● **PROVIDED INFORMATION**
○ ○ ○ ○
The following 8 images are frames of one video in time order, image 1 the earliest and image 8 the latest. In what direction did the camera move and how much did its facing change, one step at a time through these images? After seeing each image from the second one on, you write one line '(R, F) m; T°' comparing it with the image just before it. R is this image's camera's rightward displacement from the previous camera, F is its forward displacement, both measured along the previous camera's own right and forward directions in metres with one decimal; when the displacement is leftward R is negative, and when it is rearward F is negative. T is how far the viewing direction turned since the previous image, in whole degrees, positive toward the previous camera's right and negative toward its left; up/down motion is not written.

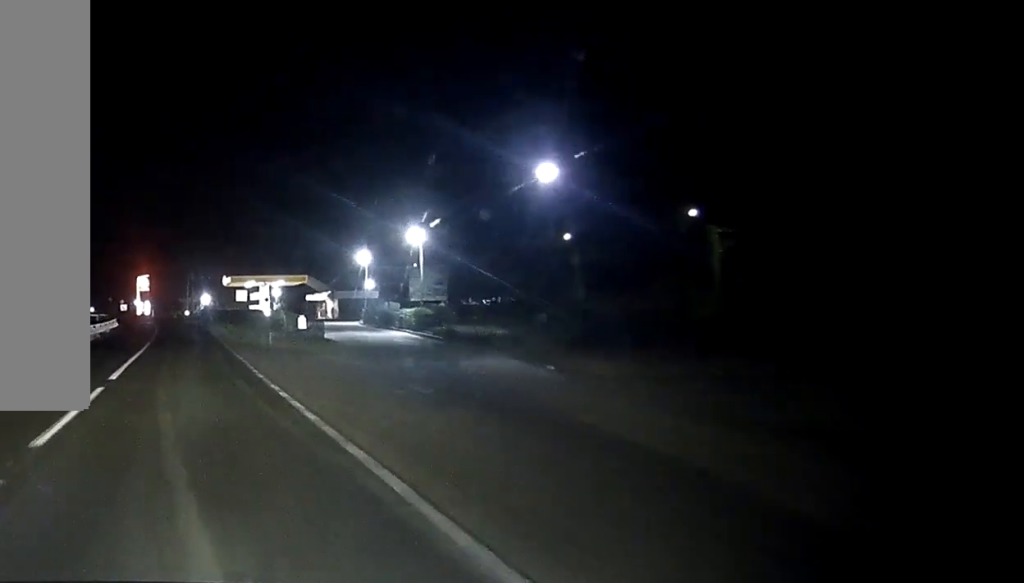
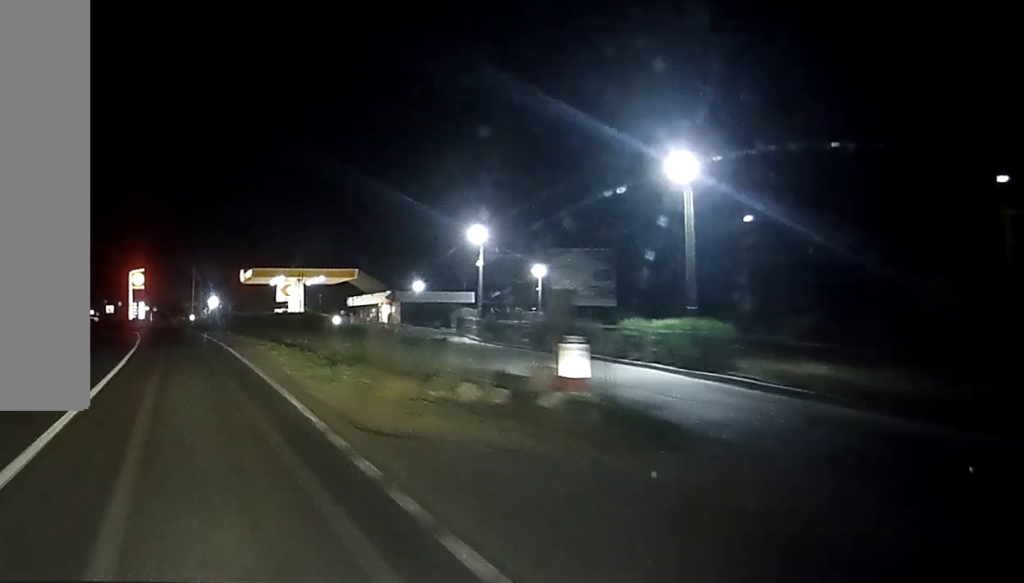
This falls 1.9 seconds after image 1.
(0.0, +39.1) m; 0°
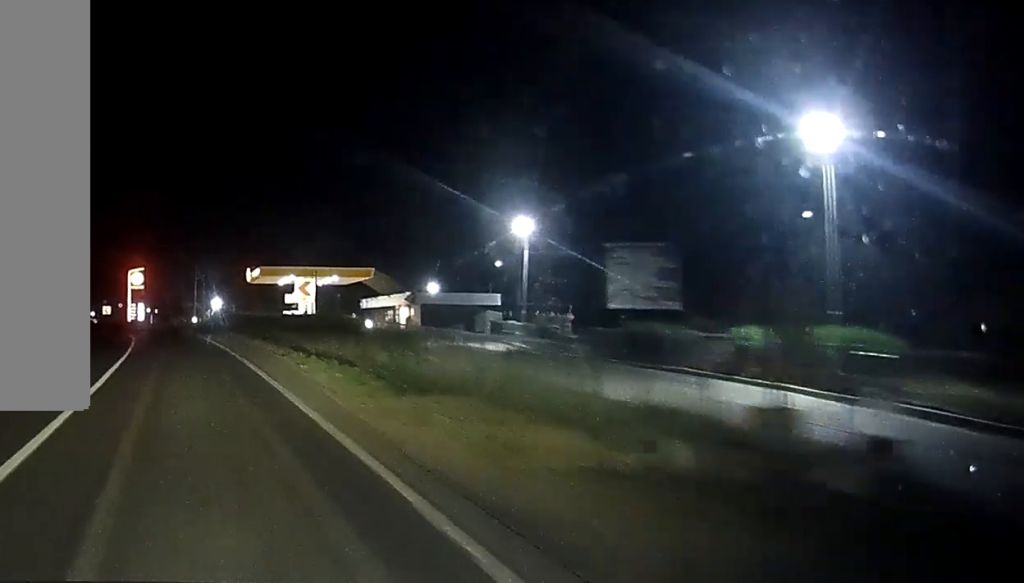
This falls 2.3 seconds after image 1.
(0.0, +8.4) m; 0°
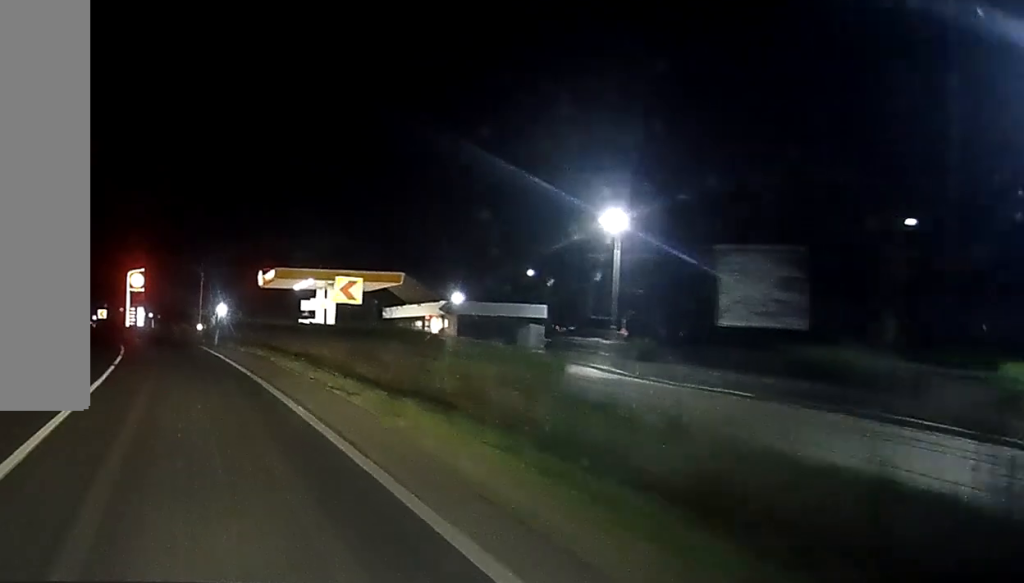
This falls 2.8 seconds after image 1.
(+0.1, +11.8) m; 0°
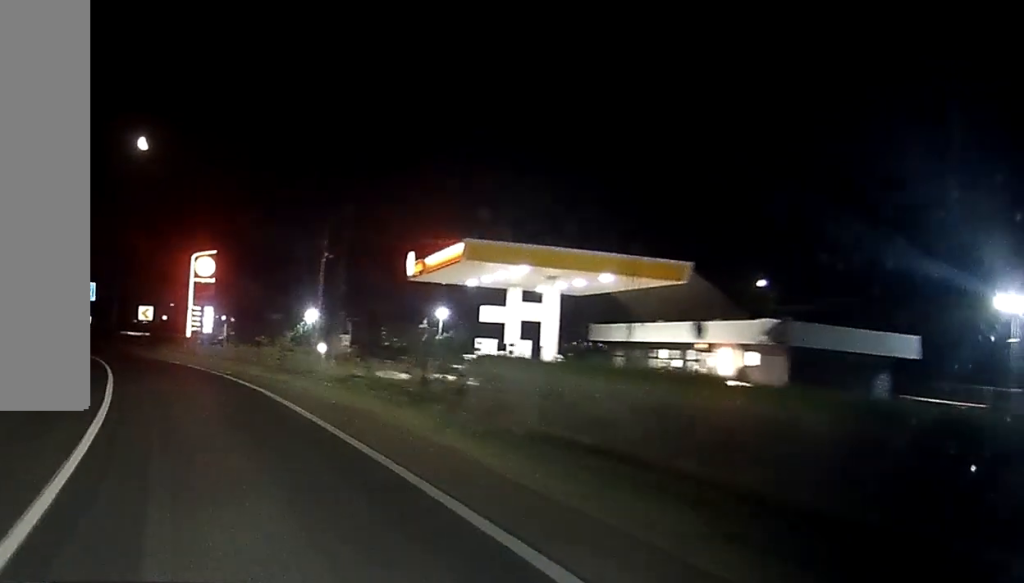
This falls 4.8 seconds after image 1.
(-1.1, +41.4) m; -4°
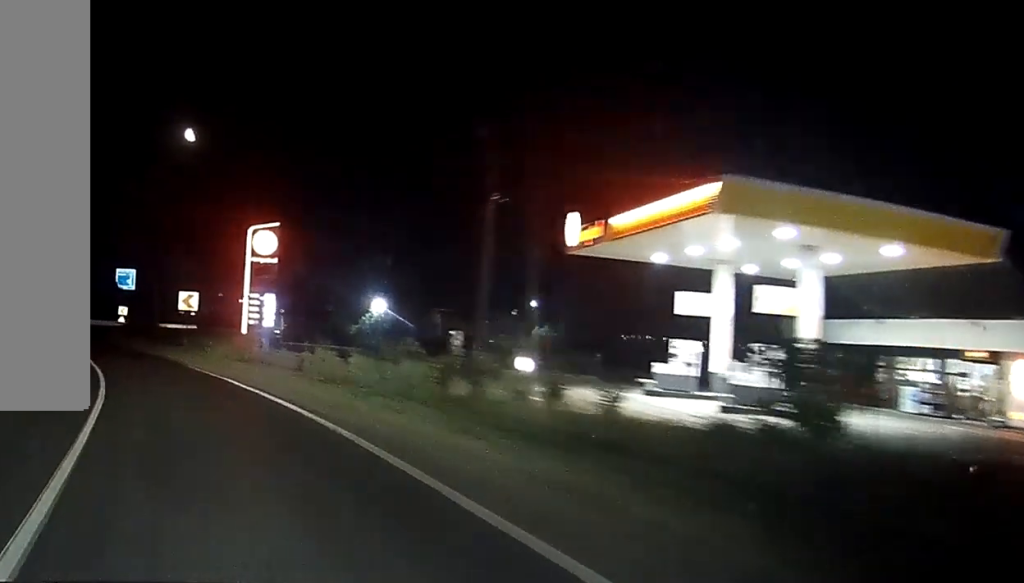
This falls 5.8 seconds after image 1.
(-0.5, +19.2) m; -2°
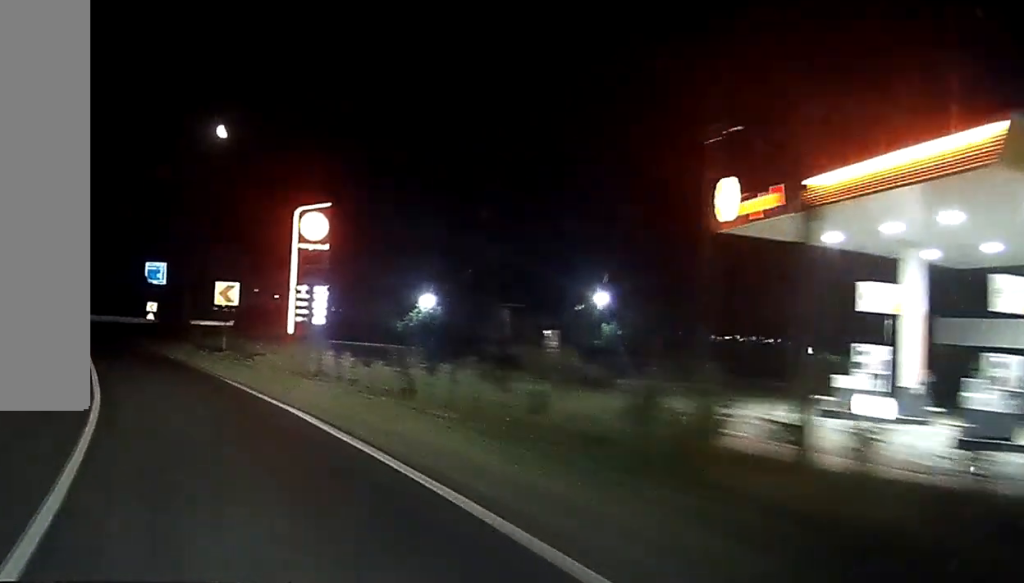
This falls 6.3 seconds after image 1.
(-0.2, +10.3) m; -1°
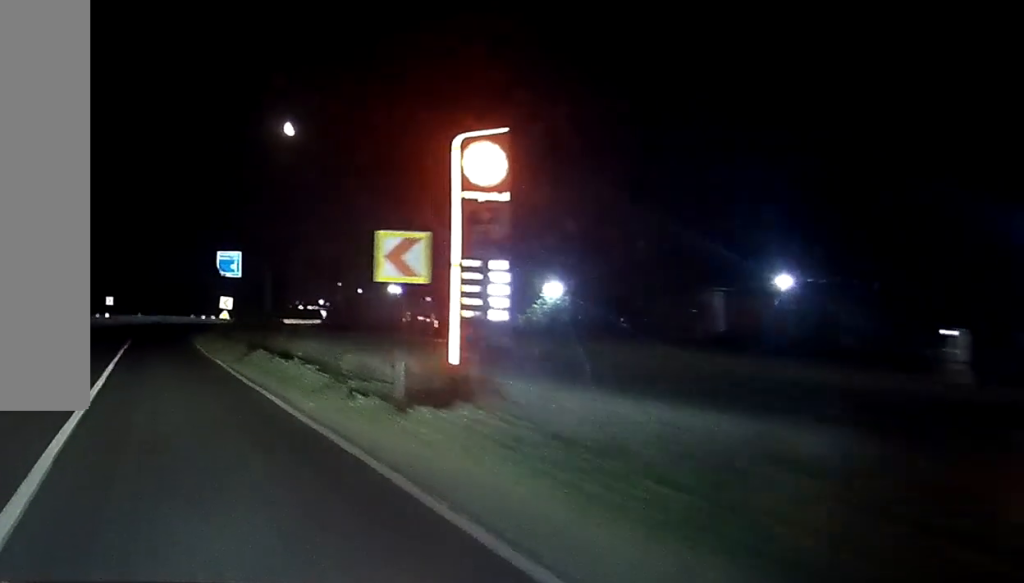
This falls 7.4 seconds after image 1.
(-0.3, +23.4) m; -2°
○ ○ ○ ○
● **WHAT YOU NEED TO DO**
Write the entries above out again exactly, but not the pictures.

● **ANSWER BOX**
The following 8 images are frames of one video in time order, image 1 the earliest and image 8 the latest. In what direction did the camera move and how much did its facing change, one step at a time through these images? After seeing each image from the second one on, you write one line '(R, F) m; T°' comparing it with the image just before it. R is this image's camera's rightward displacement from the previous camera, F is its forward displacement, both measured along the previous camera's own right and forward directions in metres with one decimal; when the displacement is leftward R is negative, and when it is rearward F is negative. T is how far the viewing direction turned since the previous image, in whole degrees, positive toward the previous camera's right and negative toward its left; up/down motion is not written.

This falls 1.9 seconds after image 1.
(0.0, +39.1) m; 0°
This falls 2.3 seconds after image 1.
(0.0, +8.4) m; 0°
This falls 2.8 seconds after image 1.
(+0.1, +11.8) m; 0°
This falls 4.8 seconds after image 1.
(-1.1, +41.4) m; -4°
This falls 5.8 seconds after image 1.
(-0.5, +19.2) m; -2°
This falls 6.3 seconds after image 1.
(-0.2, +10.3) m; -1°
This falls 7.4 seconds after image 1.
(-0.3, +23.4) m; -2°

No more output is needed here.